Thursday, April 5, 2012

Nuclear Catastrophe: When Life Goes Wrong

Nothing in life is perfect. Nothing in biology is either. As DNA replicates inside the nucleus, errors happen--a deletion, an insertion, a duplication, maybe an inversion of a couple bases. DNA polymerase, which copies out a new strand, is pretty good- only one in 107 bases are wrong, and with the built-in proof-reader in the very same protein, that goes down to one in 109. Not bad, not bad at all! On top of this, there are even more DNA repair proteins that routinely scan for bumps or nicks to make sure that everything is as it should be.

Some examples of DNA mutation
But sometimes, much bigger changes can happen. Deletions of entire genes, inversions of regions on the scale of kilobases (kb), translocations that cause one chromosome to attach to another! These larger structural errors are called, unsurprisingly, structural variants. As you might imagine, these are somewhat more likely to be serious enough to impair cell function, though several point mutations can be deadly as well.

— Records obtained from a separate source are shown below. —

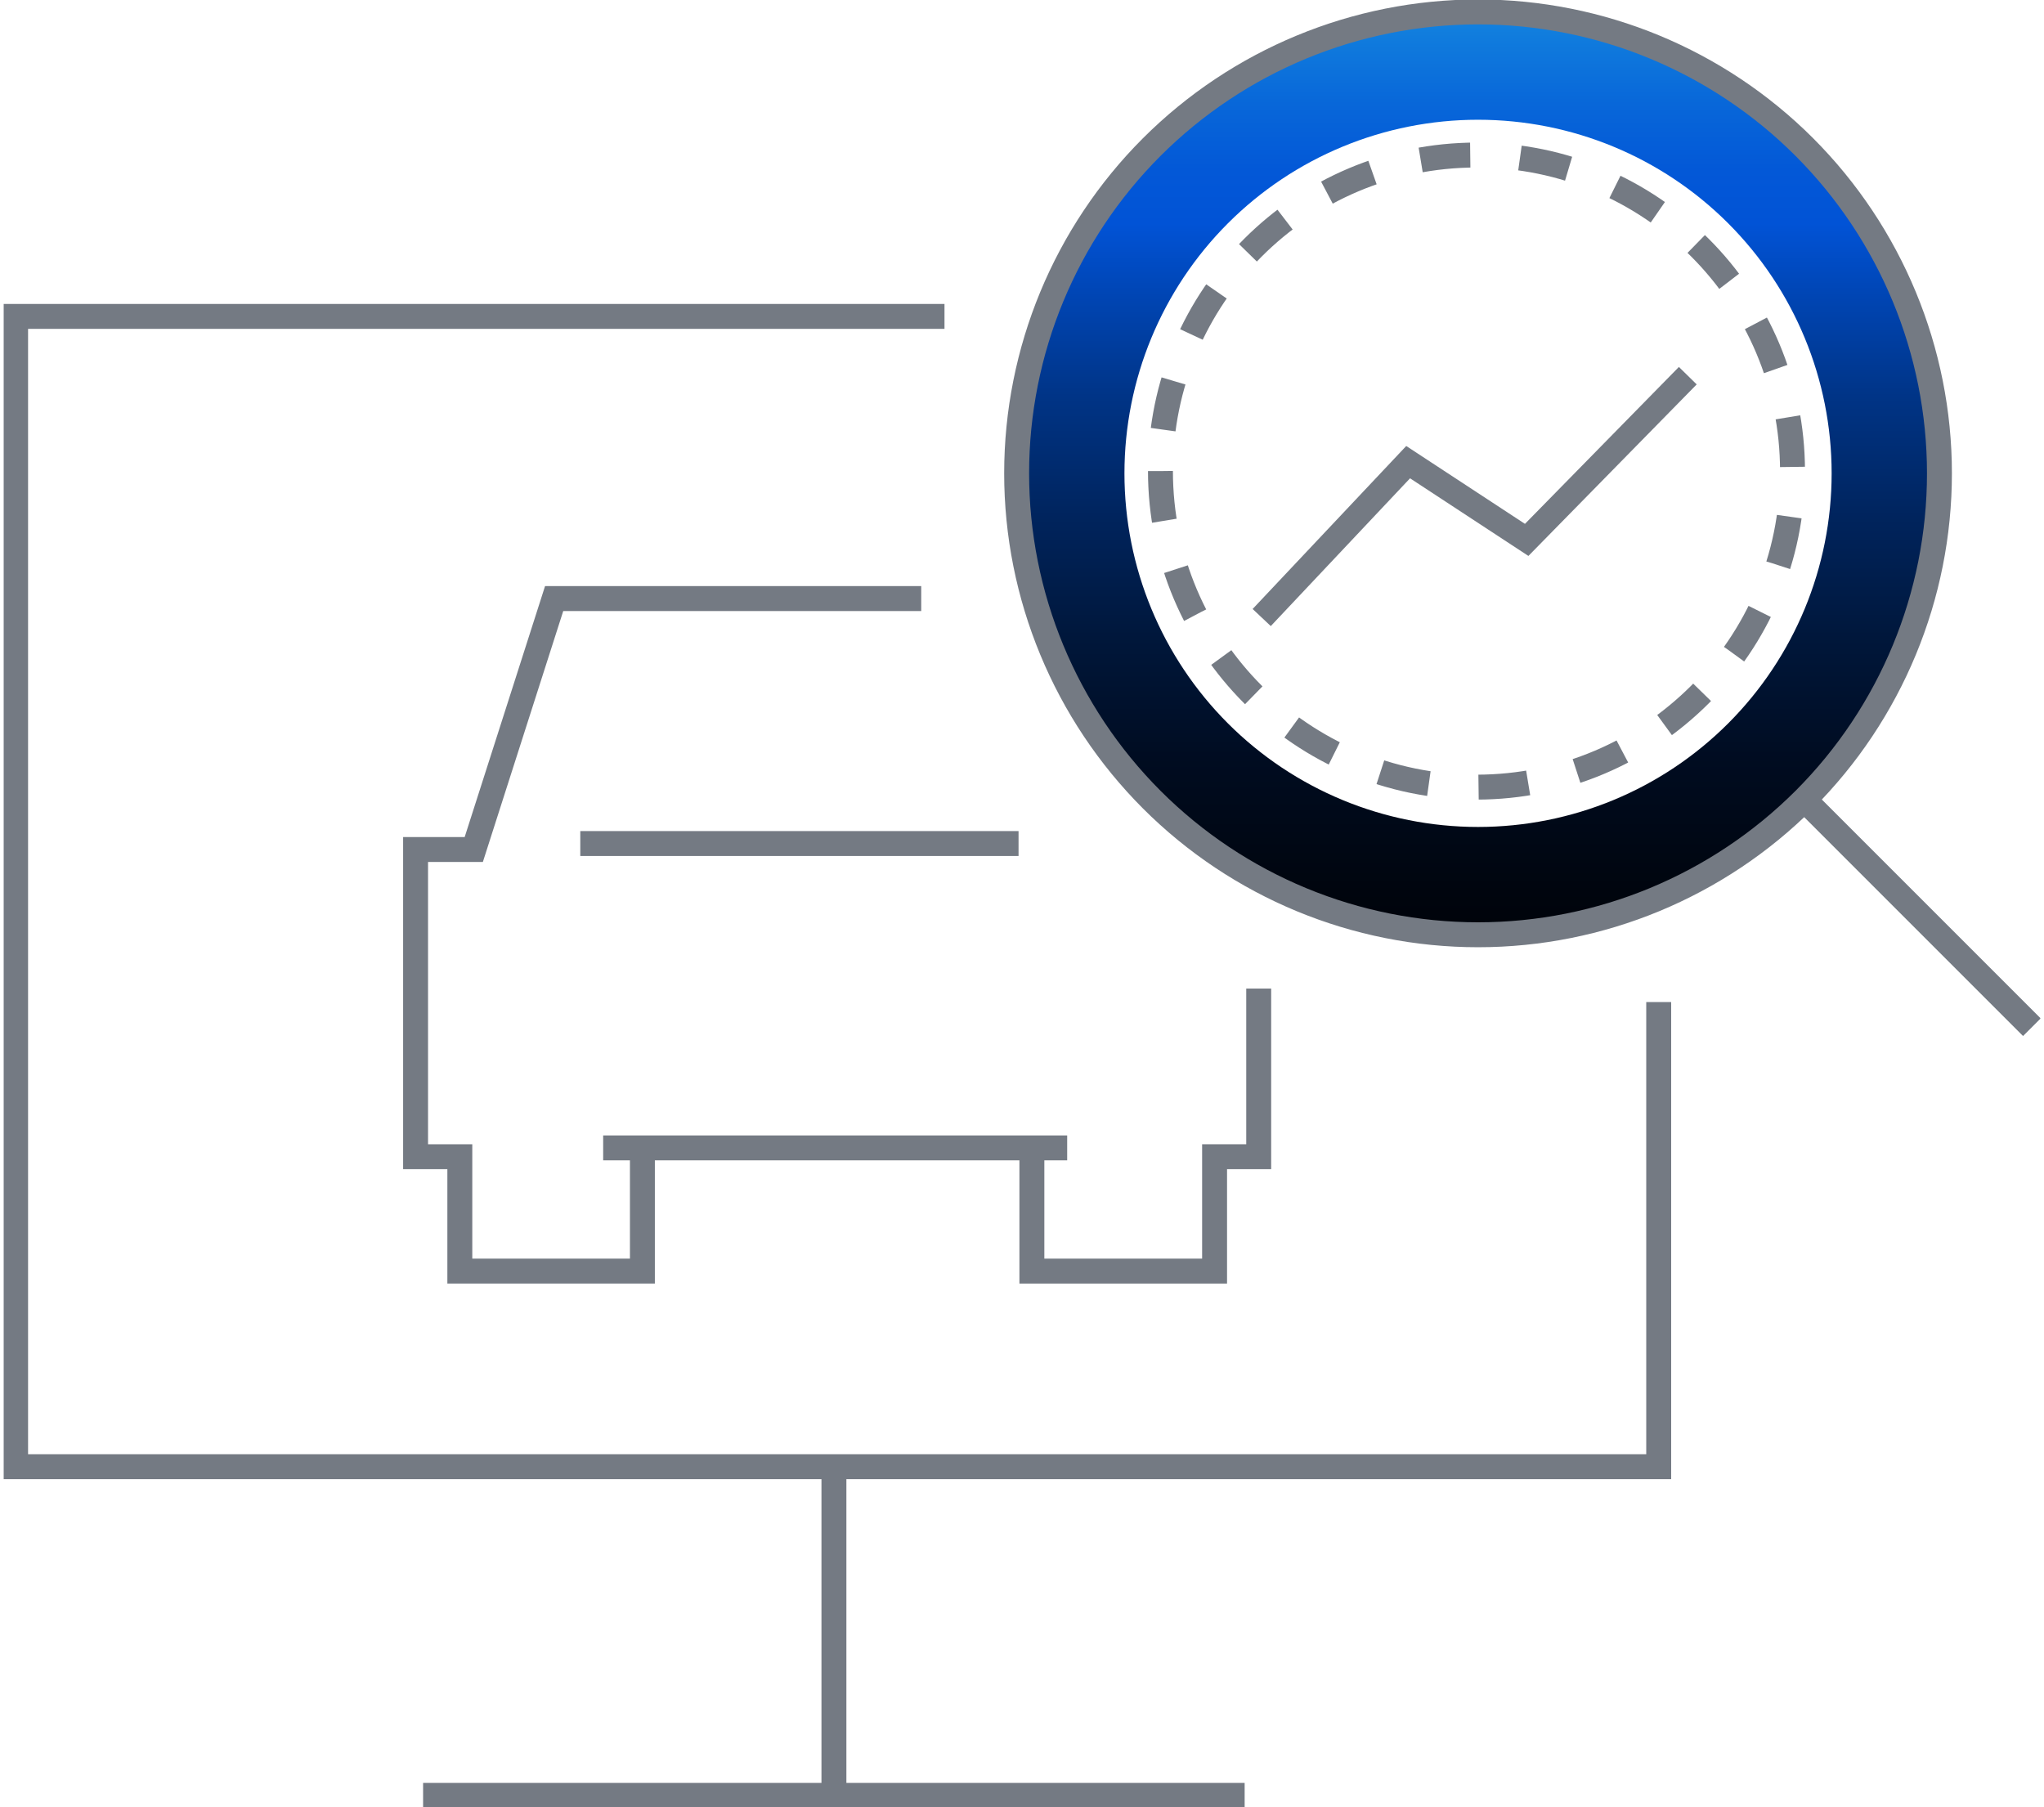 <?xml version="1.0" encoding="UTF-8"?>
<svg xmlns="http://www.w3.org/2000/svg" width="164" height="145" viewBox="0 0 164 145" fill="none">
  <g clip-path="url(#clip0_1886_5408)">
    <path d="M133.086 80.394V117.673H1.252V25.385H75.781" stroke="#747A83" stroke-width="2"></path>
    <path d="M46.559 67.677H81.723" stroke="#747A83" stroke-width="2"></path>
    <path d="M100.992 79.313V92.804H97.452V101.98H82.793V92.804" stroke="#747A83" stroke-width="2"></path>
    <path d="M51.543 92.804V101.98H36.894V92.804H33.344V68.156H38.013L44.462 48.024H67.168H73.914" stroke="#747A83" stroke-width="2"></path>
    <path d="M48.395 92.096H85.625" stroke="#747A83" stroke-width="2"></path>
    <path d="M66.91 117.673V144.043" stroke="#747A83" stroke-width="2"></path>
    <path d="M33.947 144.043H99.864" stroke="#747A83" stroke-width="2"></path>
    <path d="M144.78 11.798C137.833 4.851 128.418 0.957 118.6 0.957C108.783 0.957 99.368 4.861 92.421 11.798C85.474 18.744 81.58 28.16 81.58 37.977C81.58 47.794 85.484 57.21 92.421 64.156C99.368 71.103 108.783 74.997 118.6 74.997C128.418 74.997 137.833 71.093 144.78 64.156C151.726 57.21 155.621 47.794 155.621 37.977C155.621 28.16 151.717 18.744 144.78 11.798ZM138.656 58.042C133.336 63.362 126.121 66.347 118.591 66.347C111.06 66.347 103.846 63.362 98.526 58.042C93.206 52.722 90.22 45.507 90.22 37.977C90.22 30.447 93.206 23.232 98.526 17.912C103.846 12.592 111.06 9.607 118.591 9.607C126.121 9.607 133.336 12.592 138.656 17.912C143.976 23.232 146.961 30.447 146.961 37.977C146.961 45.507 143.976 52.722 138.656 58.042Z" fill="url(#paint0_linear_1886_5408)"></path>
    <path d="M81.57 37.977C81.57 47.794 85.474 57.21 92.411 64.156C99.358 71.103 108.773 74.997 118.591 74.997C128.408 74.997 137.823 71.093 144.77 64.156C151.716 57.21 155.611 47.794 155.611 37.977C155.611 28.16 151.707 18.744 144.77 11.798C137.823 4.851 128.408 0.957 118.591 0.957C108.773 0.957 99.358 4.861 92.411 11.798C85.465 18.744 81.57 28.16 81.57 37.977Z" stroke="#747A83" stroke-width="2"></path>
    <path d="M93.109 37.795C93.109 51.803 104.466 63.152 118.466 63.152C132.465 63.152 143.822 51.795 143.822 37.795C143.822 23.796 132.465 12.439 118.466 12.439C104.458 12.439 93.109 23.796 93.109 37.795Z" stroke="#747A83" stroke-width="2" stroke-dasharray="4 4"></path>
    <path d="M144.512 63.898L163.027 82.413" stroke="#747A83" stroke-width="2"></path>
    <path d="M101.232 49.545L112.982 37.078L122.493 43.316L135.42 30.141" stroke="#747A83" stroke-width="2"></path>
  </g>
  <defs>
    <linearGradient id="paint0_linear_1886_5408" x1="118.6" y1="-14.161" x2="118.6" y2="92.909" gradientUnits="userSpaceOnUse">
      <stop stop-color="#3CECF3"></stop>
      <stop offset="0.03" stop-color="#31D0ED"></stop>
      <stop offset="0.09" stop-color="#20A4E5"></stop>
      <stop offset="0.15" stop-color="#1280DE"></stop>
      <stop offset="0.21" stop-color="#0867D9"></stop>
      <stop offset="0.26" stop-color="#0358D7"></stop>
      <stop offset="0.3" stop-color="#0153D6"></stop>
      <stop offset="0.35" stop-color="#0046B6"></stop>
      <stop offset="0.43" stop-color="#003486"></stop>
      <stop offset="0.52" stop-color="#00245D"></stop>
      <stop offset="0.61" stop-color="#00173B"></stop>
      <stop offset="0.7" stop-color="#000C21"></stop>
      <stop offset="0.8" stop-color="#00050E"></stop>
      <stop offset="0.89" stop-color="#000103"></stop>
      <stop offset="1"></stop>
    </linearGradient>
    <clipPath id="clip0_1886_5408">
      <rect width="163.41" height="145" fill="white" transform="translate(0.295)"></rect>
    </clipPath>
  </defs>
</svg>

But wait! Sometimes, something even worse happens: a really catastrophic nuclear event. These are called complex events (and at the far end, chromothripsis). Just look at these graphs! Each of the outer colored segments is a chromosome. One of the curves inside connects two breakpoints, where the chromosome broke and then reconnected to a different spot. In these cases, you can even see many with multiple breakpoints at multiple chromosomes!

We used to just say, "Oh, these are just one mutation happening after another, collectively creating this scrambling." But with this new data and visualization, it's clear that the breakpoints are often clustered around particular areas, which suggests a shattering of the chromosome around that point and then scrambled rearrangement. We're still not sure how this happens though.

In particular, such a catastrophic event should definitely just kill the cell, right? So why do we ever see these? The answer is that we usually don't. These are from three cancerous tumors, and tumors are where we are increasingly finding these complex variants. Do these crazy rearrangements cause cancer? Or do some cancer pathways enable the dramatic events to occur? These are the kinds of questions that some computational biologists are working to answer.